If the specified data directory is non-empty, this will be used as the base for the new node. If the data directory is already active as a physical standby node, it is required to stop the standby before running bdr_init_physical, which will manage Postgres itself. Initially it will wait for catchup and then promote to a master node before joining the BDR group. Note that the --standby option, if used, will turn the existing physical standby into a logical standby node; it refers to the end state of the new BDR node, not the starting state of the specified data directory.

This command will drop all pglogical-only subscriptions and configuration from the database and will also drop all PostgreSQL native logical replication subscriptions from the database (or just disable them when the -S option is used), as well as any replication origins and slots.

It is the BDR3 version of the pglogical_create_subscriber utility.

Synopsis

bdr_init_physical [OPTION] ...

Options

General Options
  • -D, --pgdata=DIRECTORY - The data directory to be used for the new node; it can be either empty/non-existing directory, or a directory populated using the pg_basebackup -X stream command (required).
  • -l, --log-file=FILE - Use FILE for logging; default is bdr_init_physical_postgres.log .
  • -n, --node-name=NAME - The name of the newly created node (required).
  • --replication-sets=SETS - The name of a comma-separated list of replication set names to use; all replication sets will be used if not specified.
  • --standby - Create a logical standby (receive only node) rather than full send/receive node.
  • --node-group-name - Group to join, defaults to the same group as source node.
  • -s, --stop - Stop the server once the initialization is done.
  • -v - Increase logging verbosity.
  • -L - Perform selective pg_basebackup when used in conjunction with an empty/non-existing data directory (-D option). (EDB Postgres Extended)
  • -S - Instead of dropping logical replication subscriptions, just disable them.
Connection Options
  • -d, --remote-dsn=CONNSTR - connection string for remote node (required)
  • --local-dsn=CONNSTR - connection string for local node (required)
Configuration Files Override
  • --hba-conf -path to the new pg_hba.conf
  • --postgresql-conf - path to the new postgresql.conf
  • --postgresql-auto-conf - path to the new postgresql.auto.conf

Notes

The replication set names specified in the command do not affect the data that exists in the data directory before the node joins the BDR group.

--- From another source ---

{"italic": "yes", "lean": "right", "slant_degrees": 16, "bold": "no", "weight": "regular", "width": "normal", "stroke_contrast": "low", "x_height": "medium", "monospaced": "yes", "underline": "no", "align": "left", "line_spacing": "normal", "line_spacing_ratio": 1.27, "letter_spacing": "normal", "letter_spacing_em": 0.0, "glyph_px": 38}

This is true whether bdr_init_physical makes its own basebackup or an existing base backup is being promoted to a new BDR node. Thus the --replication-sets option only affects the data published and subscribed-to after the node joins the BDR node group. This behaviour is different from the way replication sets are used in a logical join i.e. when using bdr.join_node_group().

Unwanted tables may be truncated by the operator after the join has completed. Refer to the bdr.tables catalog to determine replication set membership and identify tables that are not members of any subscribed-to replication set. It's strongly recommended that you truncate the tables rather than drop them, because:

  1. DDL replication sets are not necessarily the same as row (DML) replication sets, so you could inadvertently drop the table on other nodes;
  2. If you later want to add the table to a replication set and you have dropped it on some subset of nodes, you will need to take care to re-create it only on those nodes without creating DDL conflicts before you can add it to any replication sets.

It's much simpler and safer to truncate your non-replicated tables, leaving them present but empty.

A future version of BDR may automatically omit or remove tables that are not part of the selected replication set(s) for a physical join, so your application should not rely on details of the behaviour documented here.